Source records
Segment Open
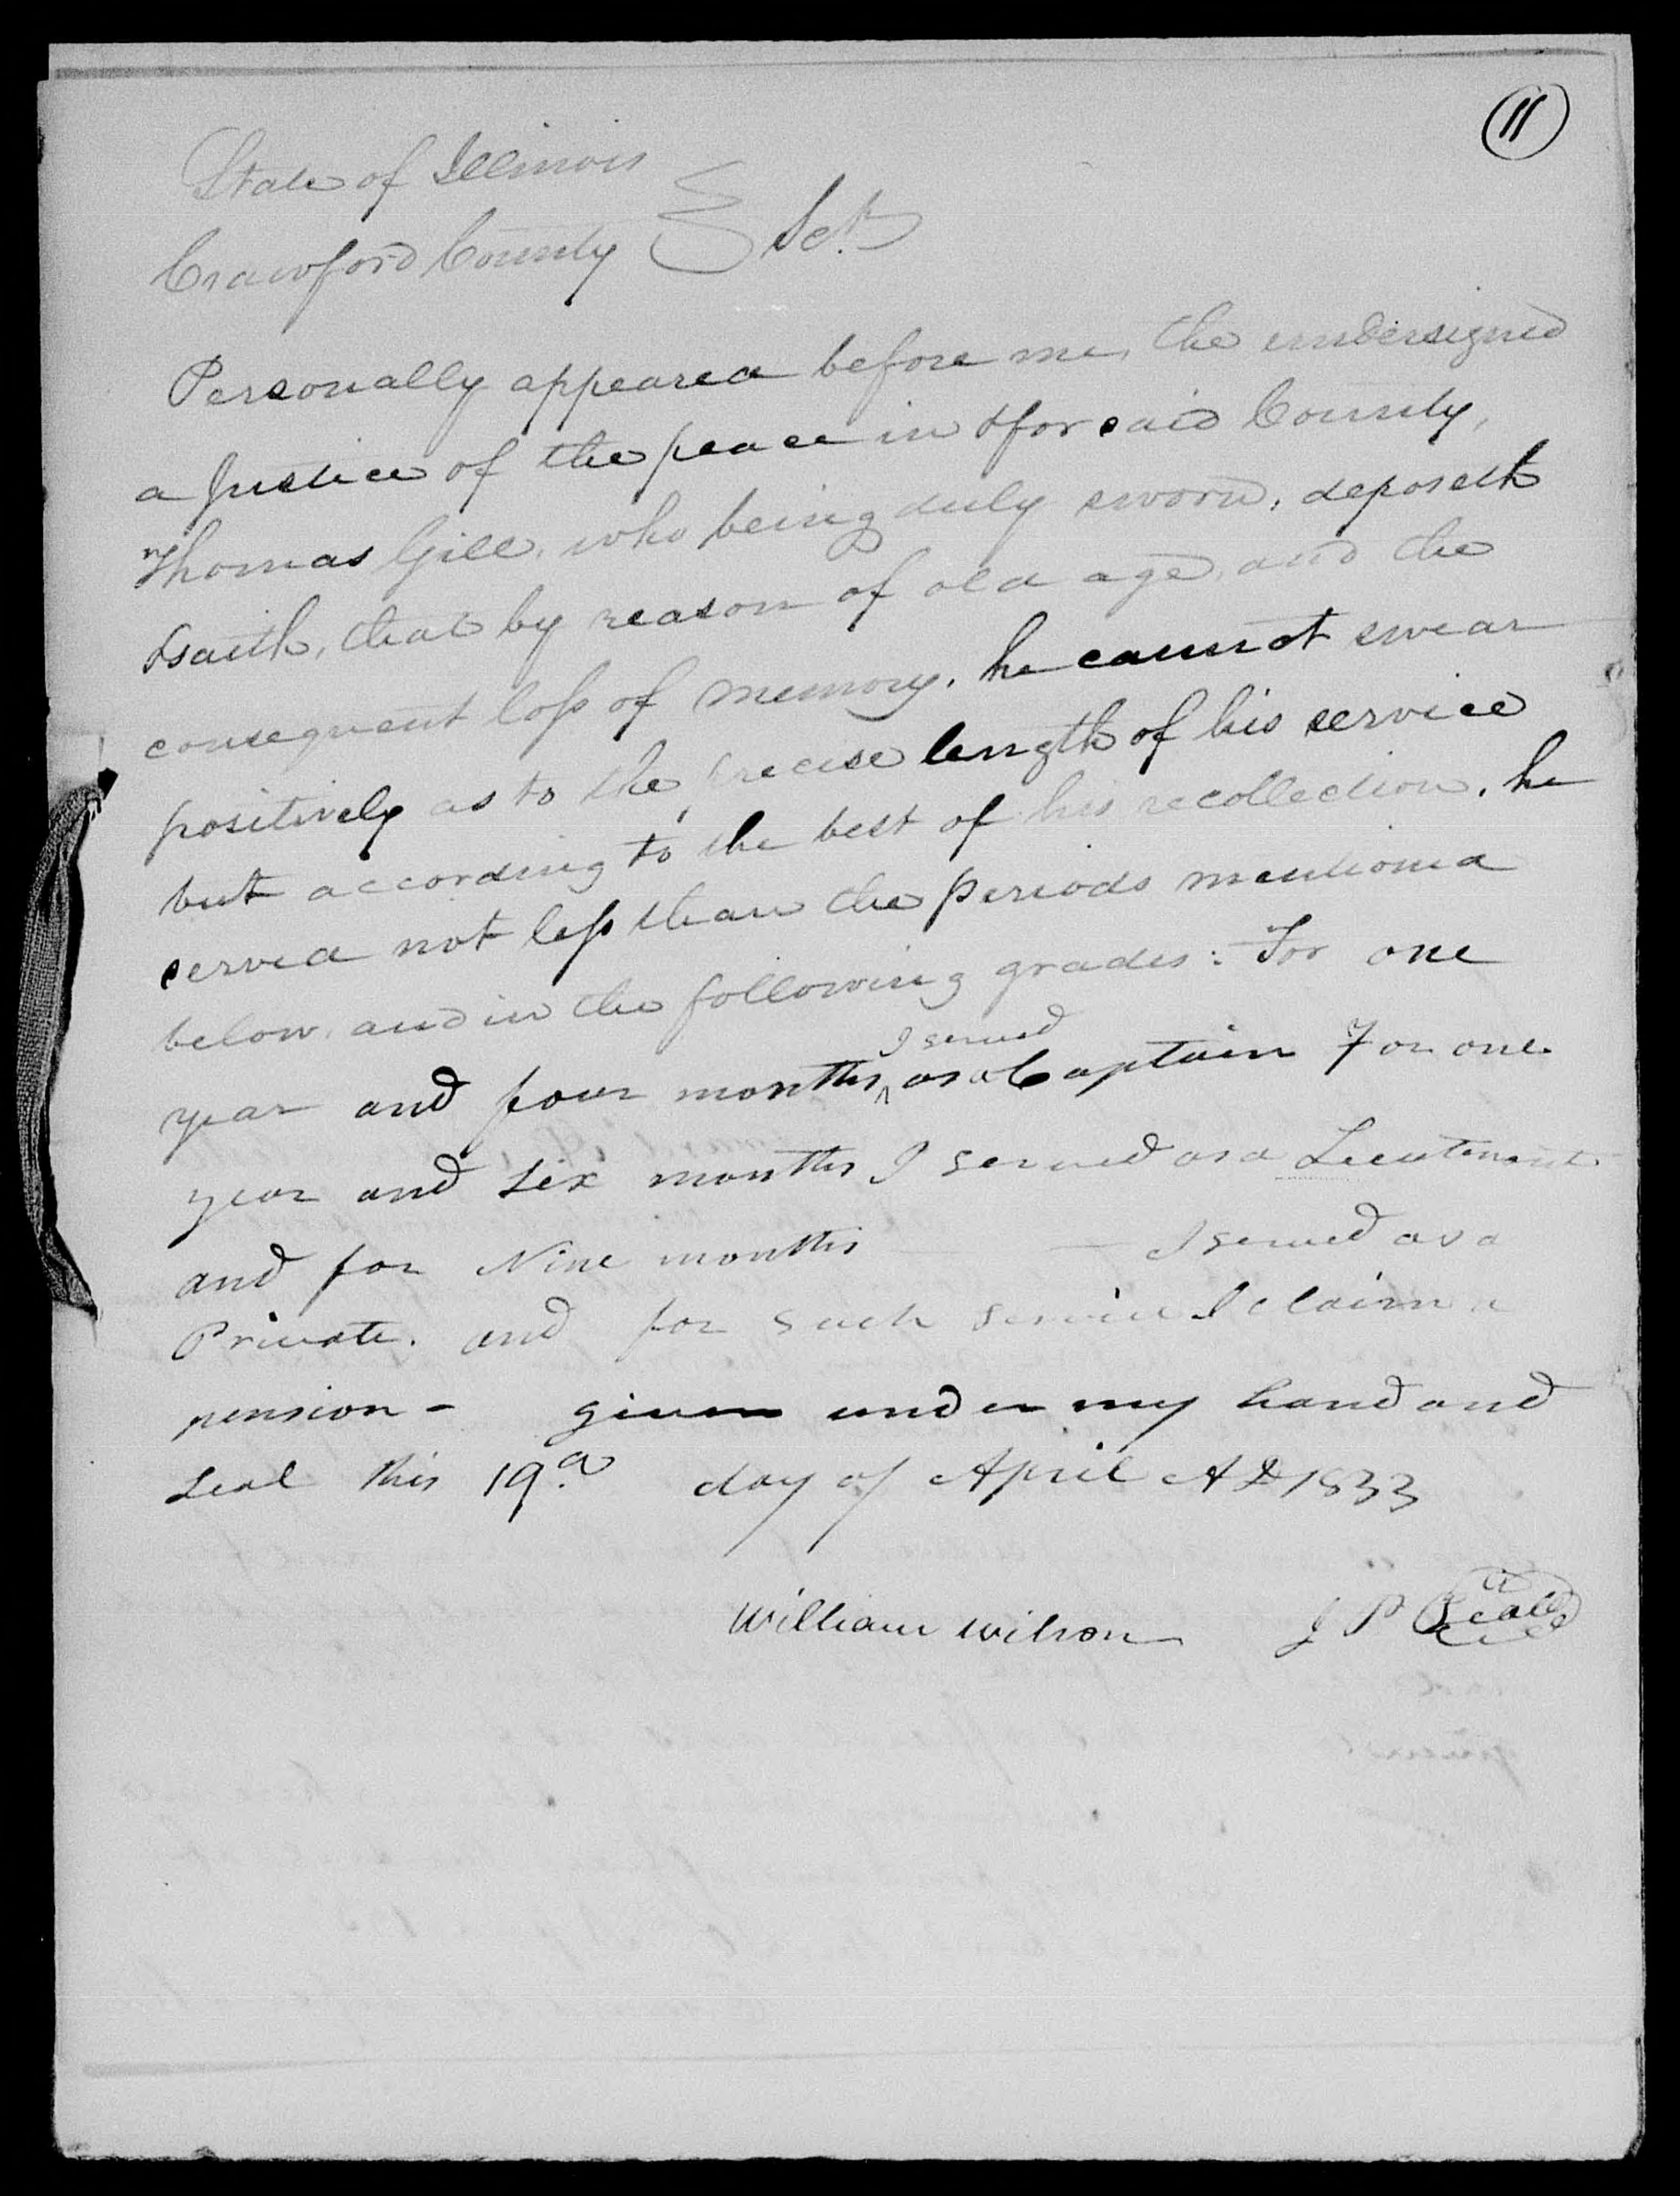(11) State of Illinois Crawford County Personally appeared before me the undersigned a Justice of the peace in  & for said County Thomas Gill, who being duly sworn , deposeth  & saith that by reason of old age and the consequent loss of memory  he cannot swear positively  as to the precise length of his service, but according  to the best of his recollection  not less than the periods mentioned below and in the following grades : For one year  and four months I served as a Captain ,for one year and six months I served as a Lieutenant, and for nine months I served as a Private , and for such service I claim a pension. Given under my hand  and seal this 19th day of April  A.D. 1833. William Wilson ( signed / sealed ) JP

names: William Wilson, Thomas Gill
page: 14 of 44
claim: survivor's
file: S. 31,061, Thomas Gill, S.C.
Segment Closed
Segment Open
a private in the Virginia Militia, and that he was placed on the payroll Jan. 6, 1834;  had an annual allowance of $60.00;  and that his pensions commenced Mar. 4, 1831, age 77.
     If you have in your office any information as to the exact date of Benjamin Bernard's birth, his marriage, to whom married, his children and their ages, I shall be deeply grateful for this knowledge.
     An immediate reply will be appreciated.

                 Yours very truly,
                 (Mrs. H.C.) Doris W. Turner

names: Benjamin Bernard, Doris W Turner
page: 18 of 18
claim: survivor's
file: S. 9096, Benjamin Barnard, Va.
Segment Closed
Task requirements:
Each line holding the word "Turner" must be pulled from the records.

Exercise output:
                 (Mrs. H.C.) Doris W. Turner
names: Benjamin Bernard, Doris W Turner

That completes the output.